2 day old <<<<<<<<<<<<<<<< fresh off the magic conveyor belt kk As for your first comment I forgive you as not realizing what HOT NOW donuts taste like.
I live in Texas, and I would New Mexico since I plan to build an observatory there anyway. I would refuse to move to Oklahoma. I had a work project lasting 4 weeks some years ago in OKC. My goodness it was a miserable experience - very much like living in Lubbock.
I am living this now. I have lived in Oregon for 23 years and am about to move to Washington (for a job).
It would probably be Louisiana but it would have to be a rural area there is no way in hell I would live in New Orleans and its a huge out of my liking to live in a rural area.
Since most of you are from Texas...how does the state offset the whole "no income tax" perk? There's got to be a catch! Are property or sales tax higher than average?
I'm moving up to Northwest Arkansas (Fayetteville) in August. Impeccably beautiful part of the state. It's in the heart of the Ozark mountain range and there's considerable wealth in the area due to Walmart and other nationally headquartered companies; Tyson, JB Hunt, etc.
Be prepared to be kidnapped and video taped having your head sawed off with a dull table knife by a guy wearing ostrich skin boots.
Since i live in the netherlands i will answer this question for border country. Do you count when a country borders us though a ocean? If not i would move to germany. Belgium is just a messed up country. And germans the people i feel are most similar to the dutch from the areas i live in. Plus there are some nice organisations my wife and i can work at. If ocean borders do count i would move to England. Also nice opportunities and i speak the language much better
I had to take a Seaport out to El Dorado, after the hour-and-a-half of phone calls to the terminal and then to the customer account to see when the plane would arrive at Dallas, there was no visibility so we had to land in Memphis instead. For some reason the pilot told me his captain was taking care of lodging arrangements when I landed, I don't know why he thought that lie would make cold-calling hotels at 10:00 at night any more pleasant. I don't care what the rest of Arkansas is like and no disrespect to you, but no thanks.
Sales taxes aren't exceptionally low. But we also have a lot of state-owned land that was originally intended to garner income from agriculture so it was a lot of acreage. We struck oil on it in the early 1900s and fund our two largest university systems: Texas and Texas A&M, with the investment returns whereas most states have to rely on tax revenue for what's usually the 2nd or 3rd highest state expenditure.
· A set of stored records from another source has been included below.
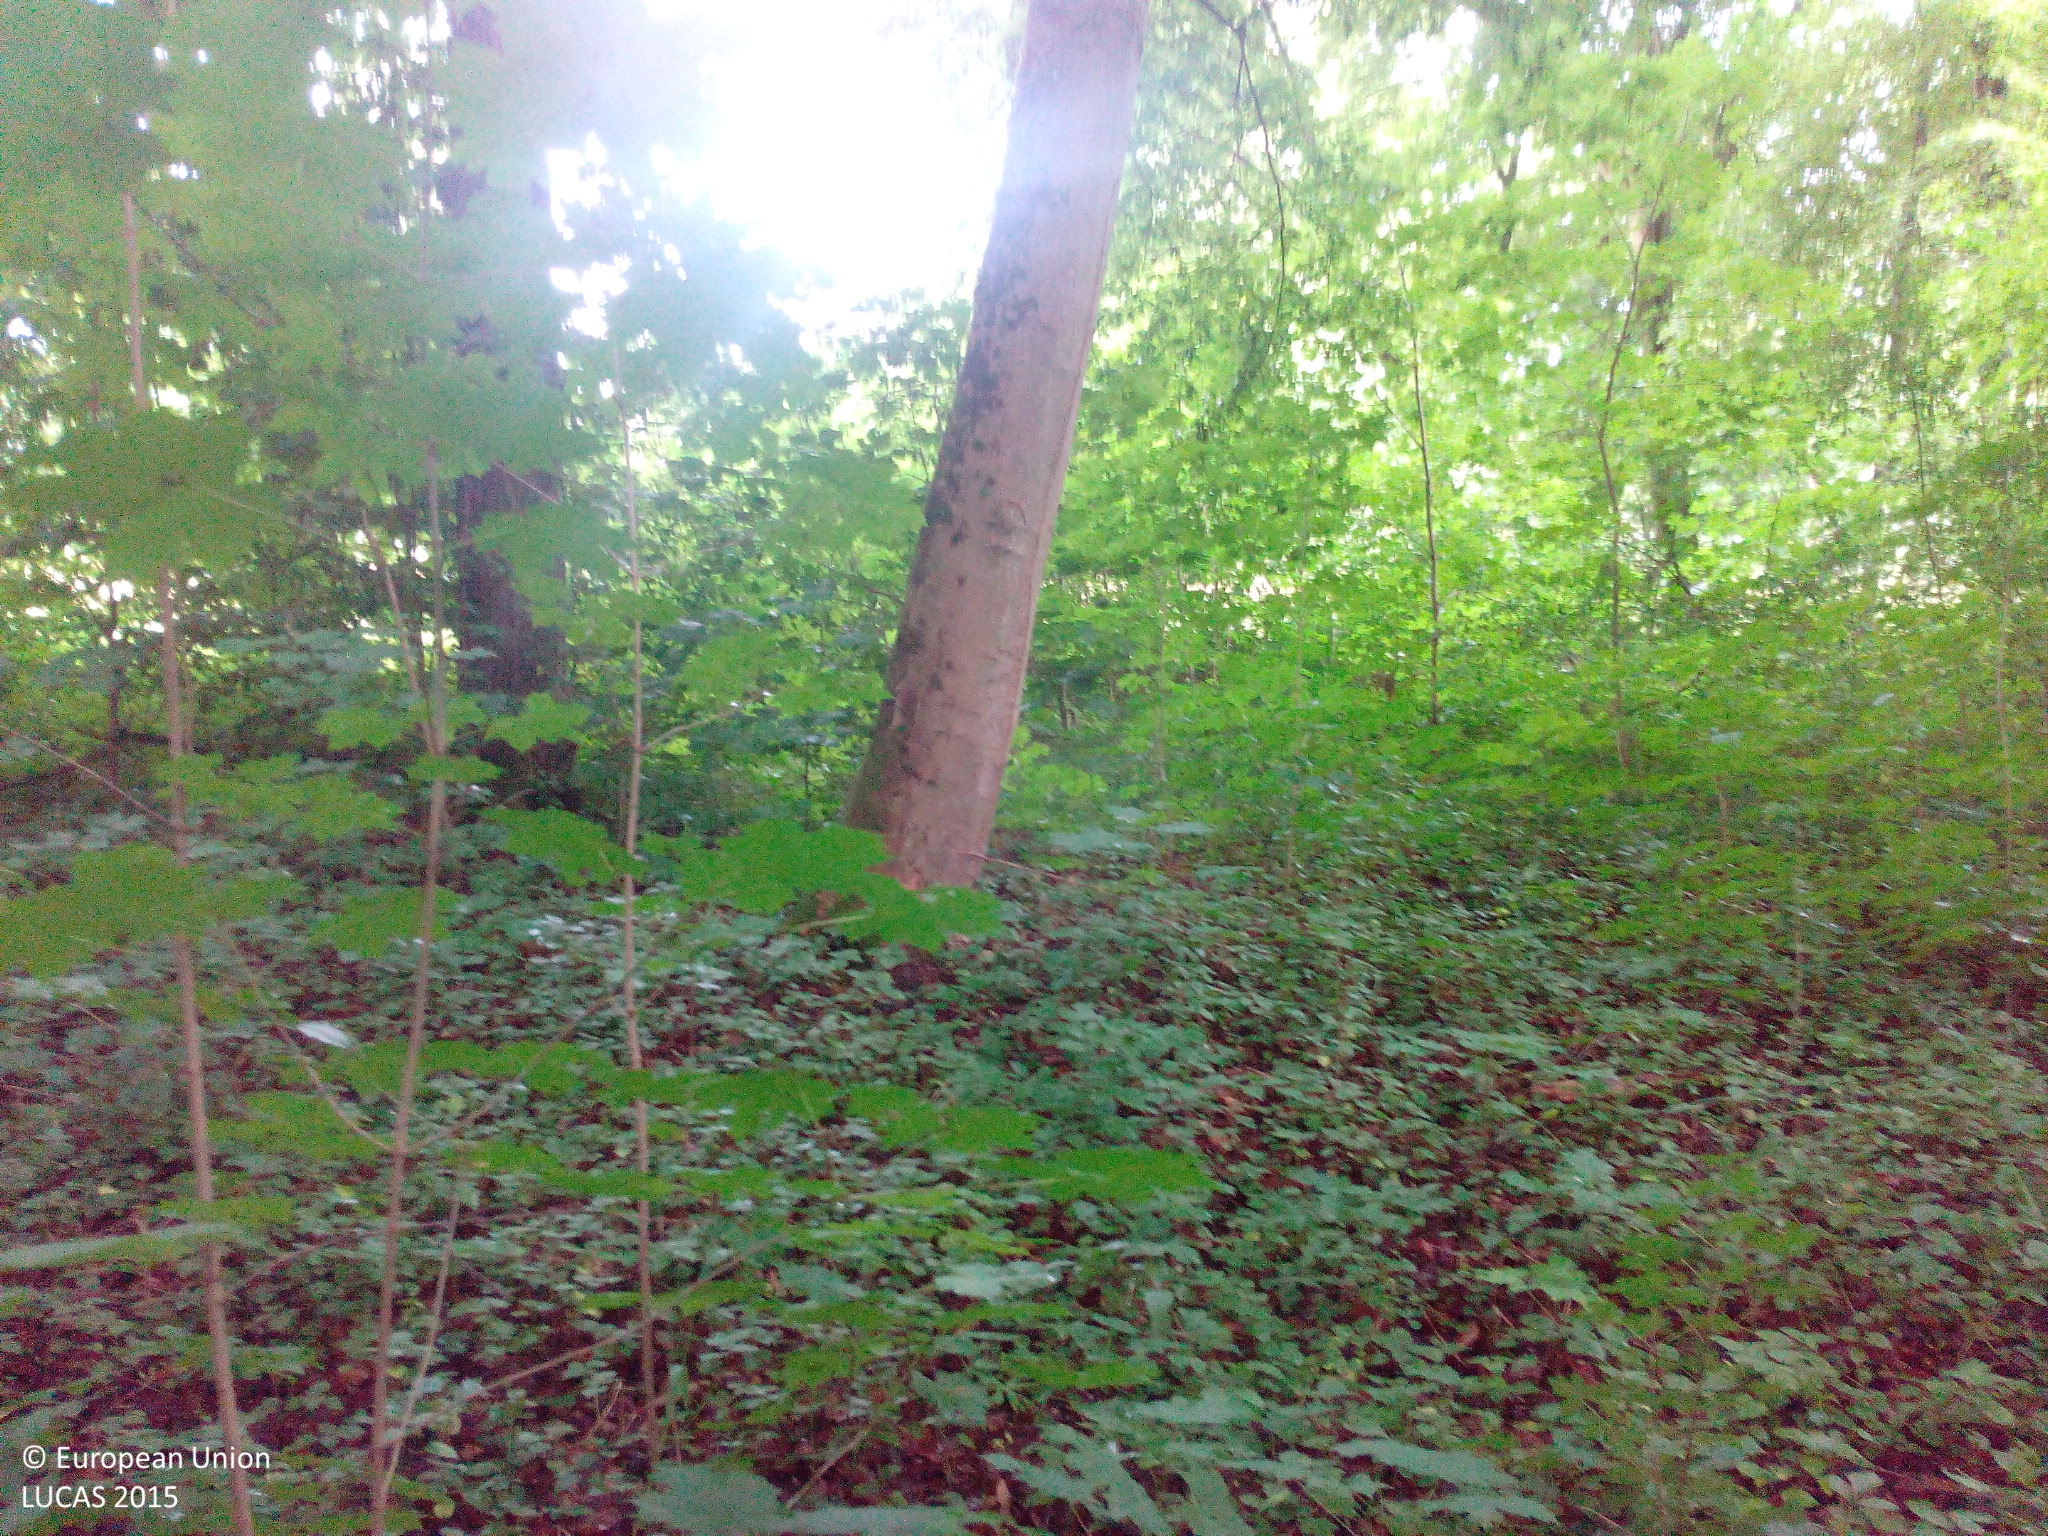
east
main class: Woodland
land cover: Broadleaved woodland
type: mesophytic deciduous forest
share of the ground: > 75 %
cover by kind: broadleaved forest trees 100 %
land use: Amenities, museums, leisure
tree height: > 5 m
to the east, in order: Broadleaved woodland; Tracks; Single bushes/trees; Grassland without tree/shrub cover; Tracks; Broadleaved woodland; Tracks; Broadleaved woodland; Inland fresh running water; Shruby margins; Tracks; Lines of trees; Paved roads, cycling and walking lanes; Grass margins; Fences; Abandoned hedges; Grassland without tree/shrub cover; Single bushes/trees; Grassland without tree/shrub cover
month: June
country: DE
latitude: 49.8749
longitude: 10.9042

Having a large percentage of our working class as 1st generation immigrants probably minimizes our social services outlay, also with our concentrated refinery capacity east of Houston and re-emerging production in the West, Rio Grande and North, we're kind of like Detroit in the '50s with a lot of well-paying work ($60 - $80k/year) for guys with less than a bachelors; or maybe we're like Cali in the 1900s - 40s with lots of ag and oil wealth and space before the movie industry attracted massive domestic immigration. We also lack the density of similarly populated states, which I think keeps real estate down in Houston and possibly San Antonio.